Even if this functionality is not used by everyone, in some cases it may be better to send 500MB to more than one database than to spend several hours recreating it.

I saw here some options how to backup this database before the main file, but I was not able to understand as well how the restoration process works, so I understood I have to import the backup file, start the process of recreating the bank, stop , download the old sqlite and replace it manually, that left me a little lost.

ts678 · February 20, 2021, 3:28pm

What’s the 500 MB in the example? If it’s the entire database, you wouldn’t send it to a database, but maybe you’d send it to a remote destination for safeguard. Assuming that was the idea, the question

would be to restore the database from its backup which would be a secondary done after the main job, because a backup can’t backup its own database because that database is still changing at the time…

If you’ve lost the whole original Duplicati, you’d probably bootstrap getting back by either setting up the secondary job again, or just doing Direct restore from backup files assuming you have necessary info.

Probably the usual way to reinstall a database is to use Database management screen to let you know where database belongs, and either put restored database there, or tell Duplicati the new database file.

This is space efficient but can slow down the restore of a file that undergoes constant change, because different generations of changes may wind up in different backup files, all of which might need download.

A database is a great example of a potentially big file that undergoes constant change, scattered around, making deduplication less effective. People who have tried backup have found they upload just about the database size every backup. This plus more reliable 2.0.5.1 Recreate, makes DB backup less attractive.

If you really want to try, I’d suggest using a low Backup retention to keep the collecting-the-parts issue somewhat under control, but you’ll still endure frequent automatic compact because of high churn rate…

Given a suitably large blocksize (100 KiB is too small for big backup to be fast), ideally only the dlist and dindex files would download. If you get dblock files, that’s a bad sign. Before 2.0.5.1 it was too common.

If the progress bar gets past 70%, it’s downloading dblock files. After 90%, it’s downloading all the rest…
About → Show log → Live → Verbose will also show you what you’re downloading, and how far you are.

Doing an occasional test of DB Recreate is a good idea to make sure it’s healthy when you really need it. You can copy off the old database for safety, and your new database will also be a lot smaller than it was.

Why not backung up latest Database? talks about an exotic DB backup method that eliminates standard Duplicati processing (which, as noted, doesn’t add much for DB backup, and might even make it worse).

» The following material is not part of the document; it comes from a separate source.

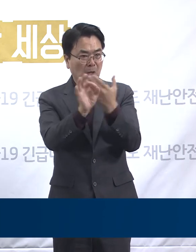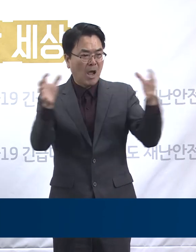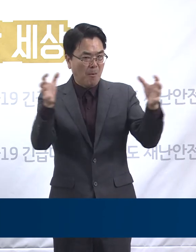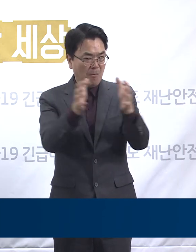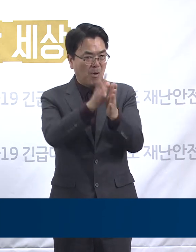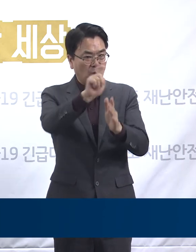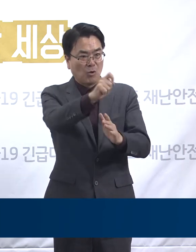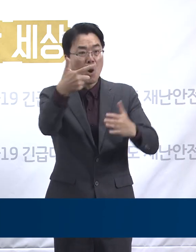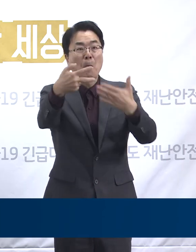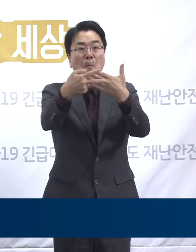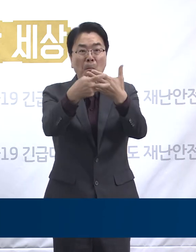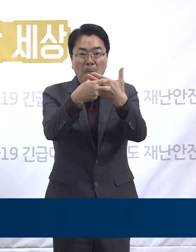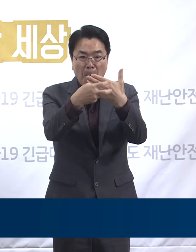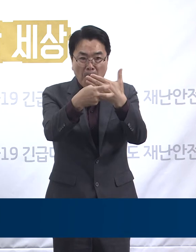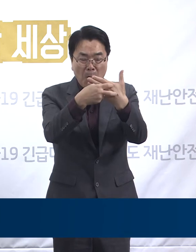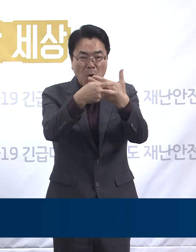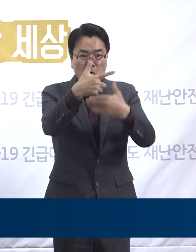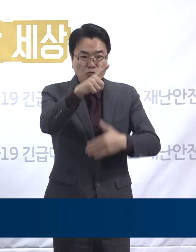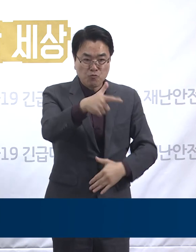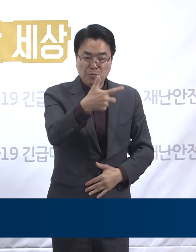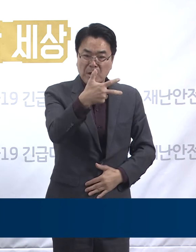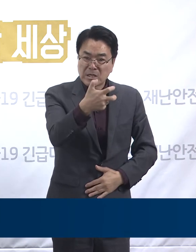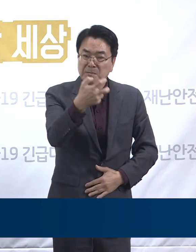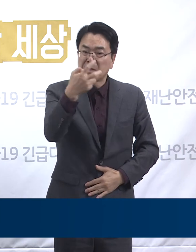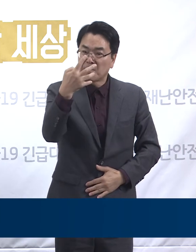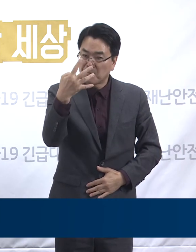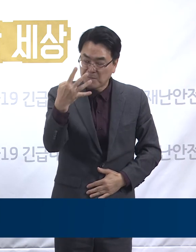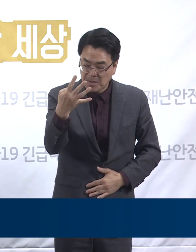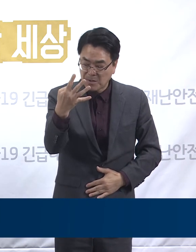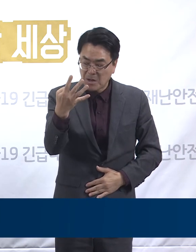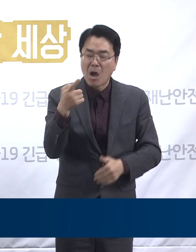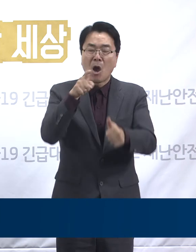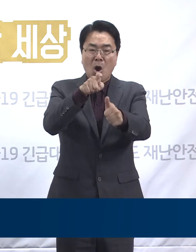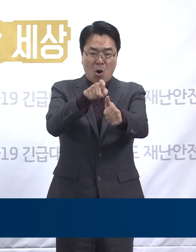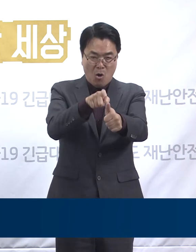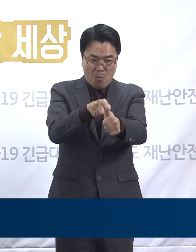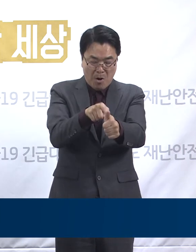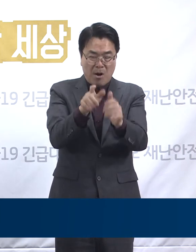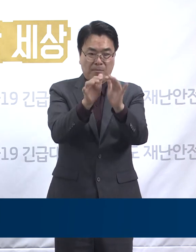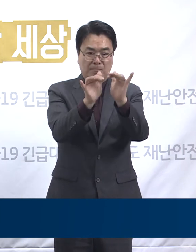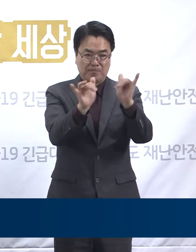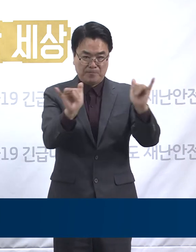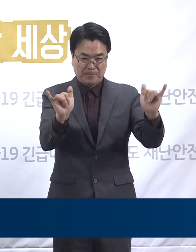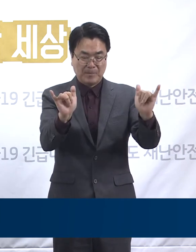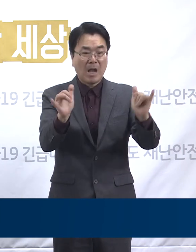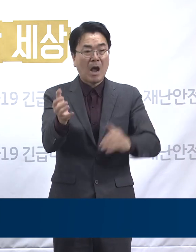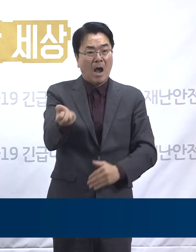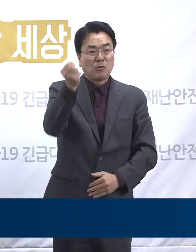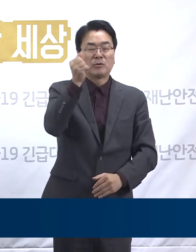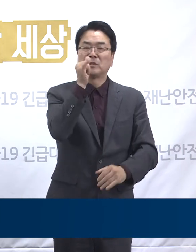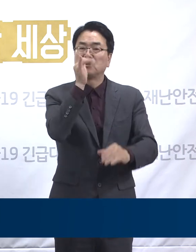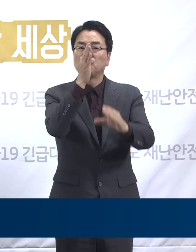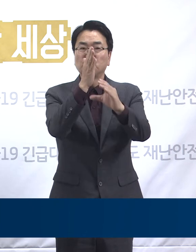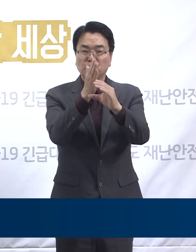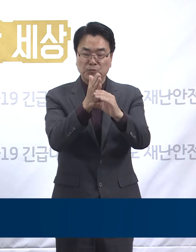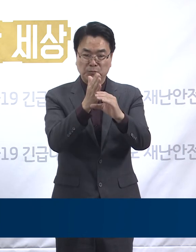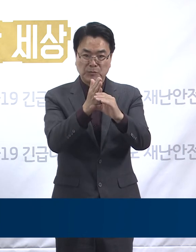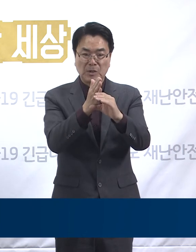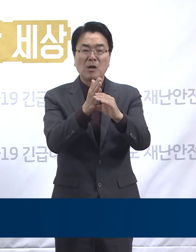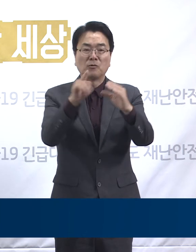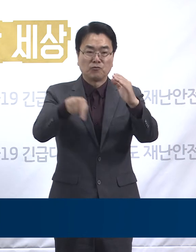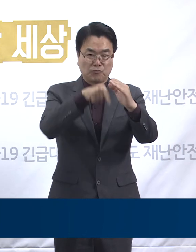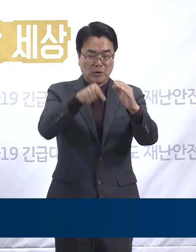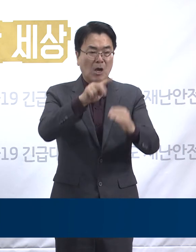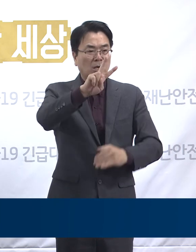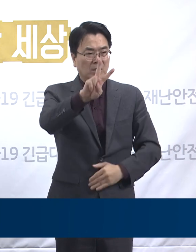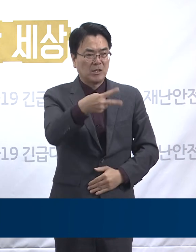16개 병원에 674개의 확진자 치료병상을 확보하고 있으며 현재 사용 중인 병상은 32.9%인

I’m not sure how solid the control file code is, but you could pioneer its use if you want to see how it does. You could keep the usual number of versions of primary backup, and maybe just two of database backup because super-stale databases are nearly useless. As dlist files obsolete, they’re deleted not compacted.

jabuzzard · March 8, 2021, 11:27pm

Hum, I don’t think so. Let me look

Protect: TSMA>BACKUP DB DEVCLASS=db TYPE=full SCRATCH=yes COMPRESS=yes WAIT=no
ANR2280I Full database backup started as process 344.
ANS8003I Process number 344 started.

I can backup the database on my Spectrum Protect (nee TSM) server while the server is running. One has been able to do that since forever

Of course TSM is an expensive piece of high end backup software that has been around for decades. However the point is that it is possible for backup software that uses a database as TSM demonstrates, to back it’s own database up. Before anyone says well TSM is using IBM’s DB2 for it’s database you could back the database up back in pre 6.0 versions when TSM was using IBM’s equivalent of Microsoft JET database engine for the database.